• _Assignment_: Reproduce the following data exactly, minus any images.

(Items from a data source)
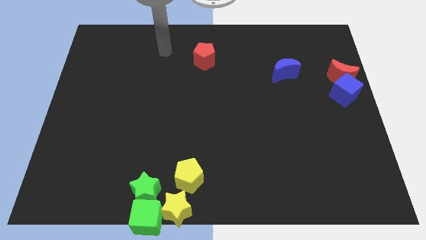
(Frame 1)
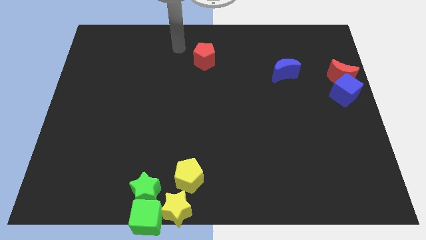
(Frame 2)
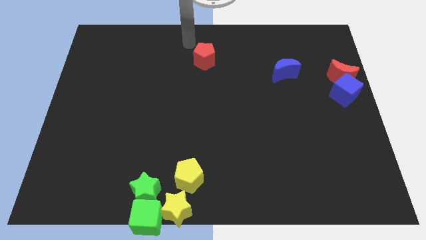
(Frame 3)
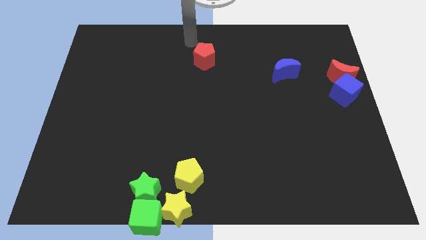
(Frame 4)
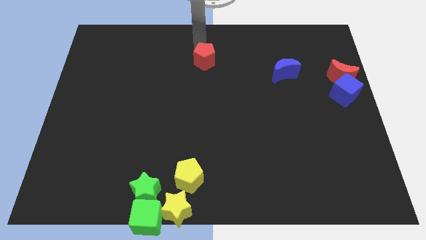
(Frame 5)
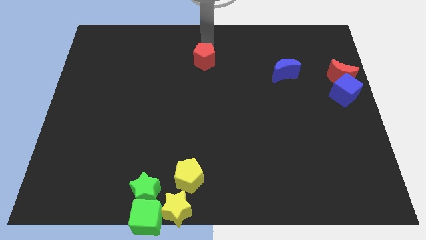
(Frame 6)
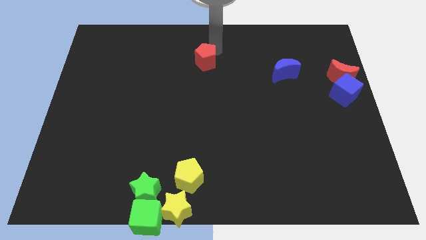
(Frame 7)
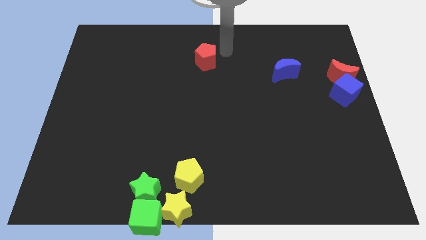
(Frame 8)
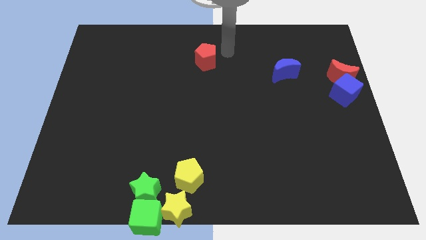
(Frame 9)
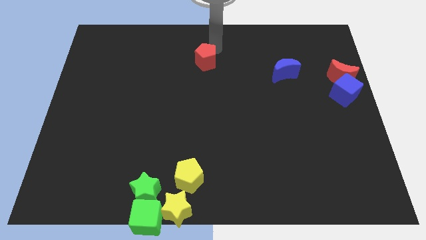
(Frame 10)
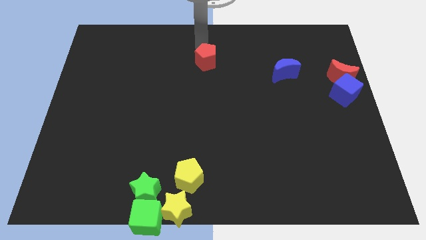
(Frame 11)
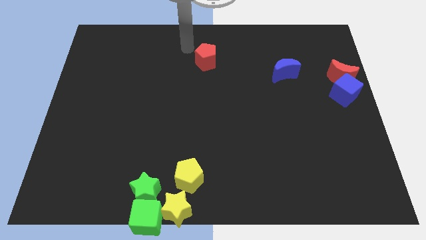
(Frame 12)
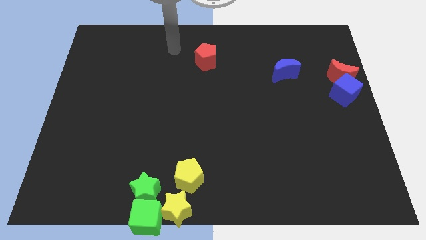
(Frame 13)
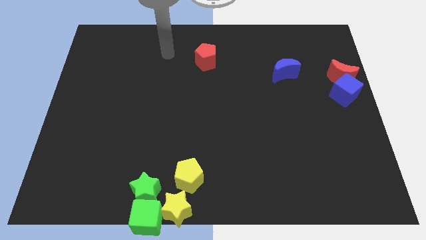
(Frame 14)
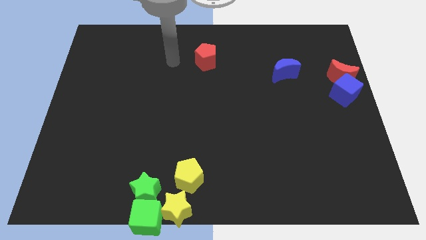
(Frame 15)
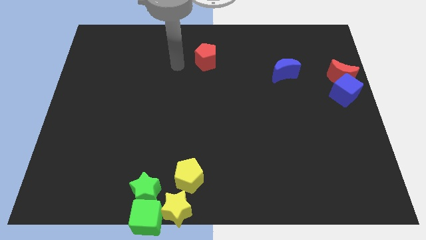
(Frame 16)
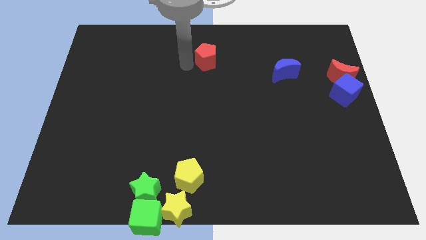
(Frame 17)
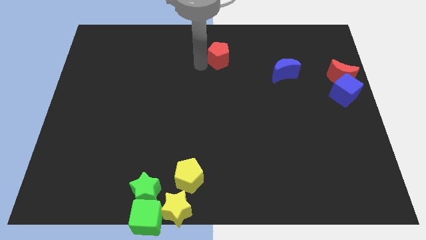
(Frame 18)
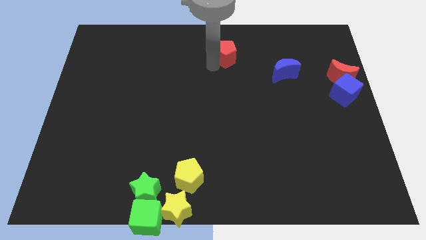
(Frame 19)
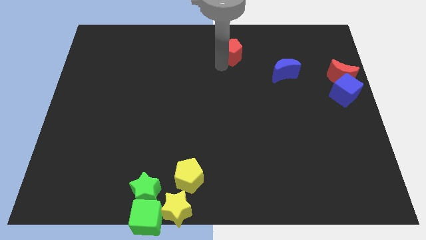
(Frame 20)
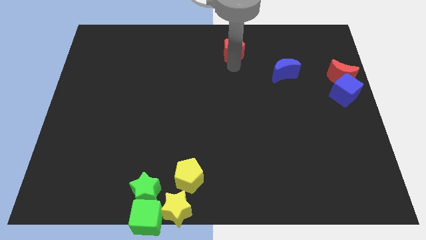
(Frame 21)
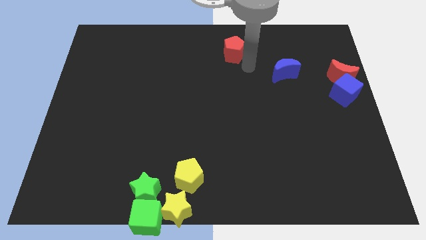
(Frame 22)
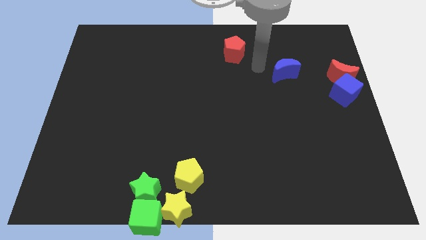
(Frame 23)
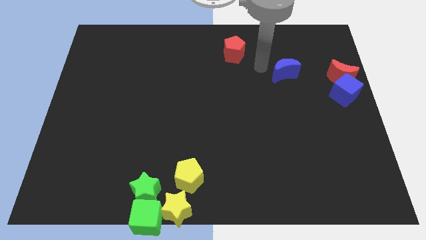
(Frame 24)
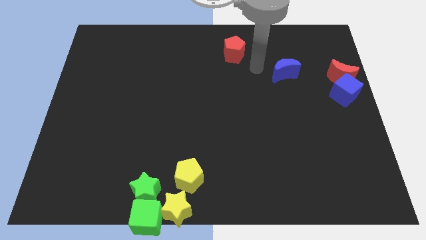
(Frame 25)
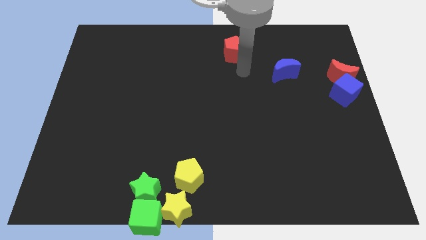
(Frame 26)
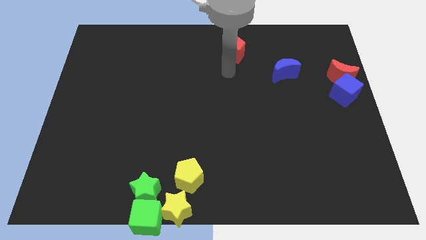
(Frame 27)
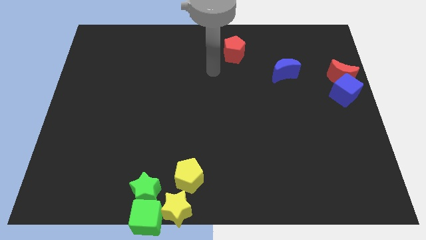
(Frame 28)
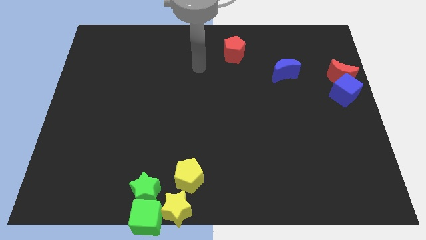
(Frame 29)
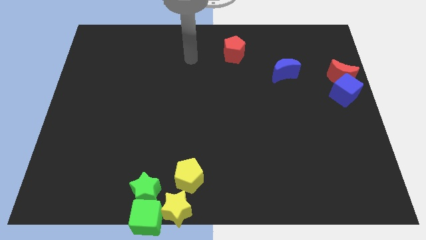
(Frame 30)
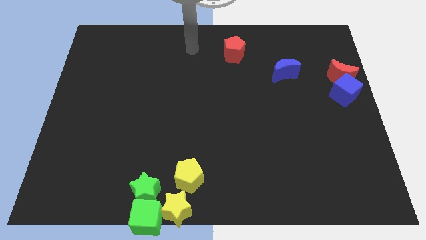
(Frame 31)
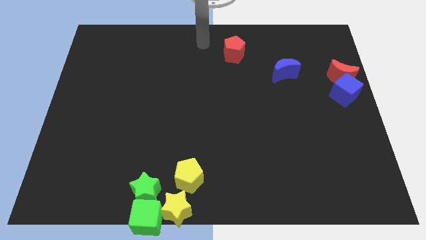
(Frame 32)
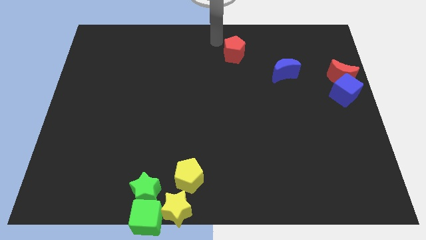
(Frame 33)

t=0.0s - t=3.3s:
move the red pentagon diagonally left to the blue crescent

• _Worked solution_:
(Frame 1)
(Frame 2)
(Frame 3)
(Frame 4)
(Frame 5)
(Frame 6)
(Frame 7)
(Frame 8)
(Frame 9)
(Frame 10)
(Frame 11)
(Frame 12)
(Frame 13)
(Frame 14)
(Frame 15)
(Frame 16)
(Frame 17)
(Frame 18)
(Frame 19)
(Frame 20)
(Frame 21)
(Frame 22)
(Frame 23)
(Frame 24)
(Frame 25)
(Frame 26)
(Frame 27)
(Frame 28)
(Frame 29)
(Frame 30)
(Frame 31)
(Frame 32)
(Frame 33)

t=0.0s - t=3.3s:
move the red pentagon diagonally left to the blue crescent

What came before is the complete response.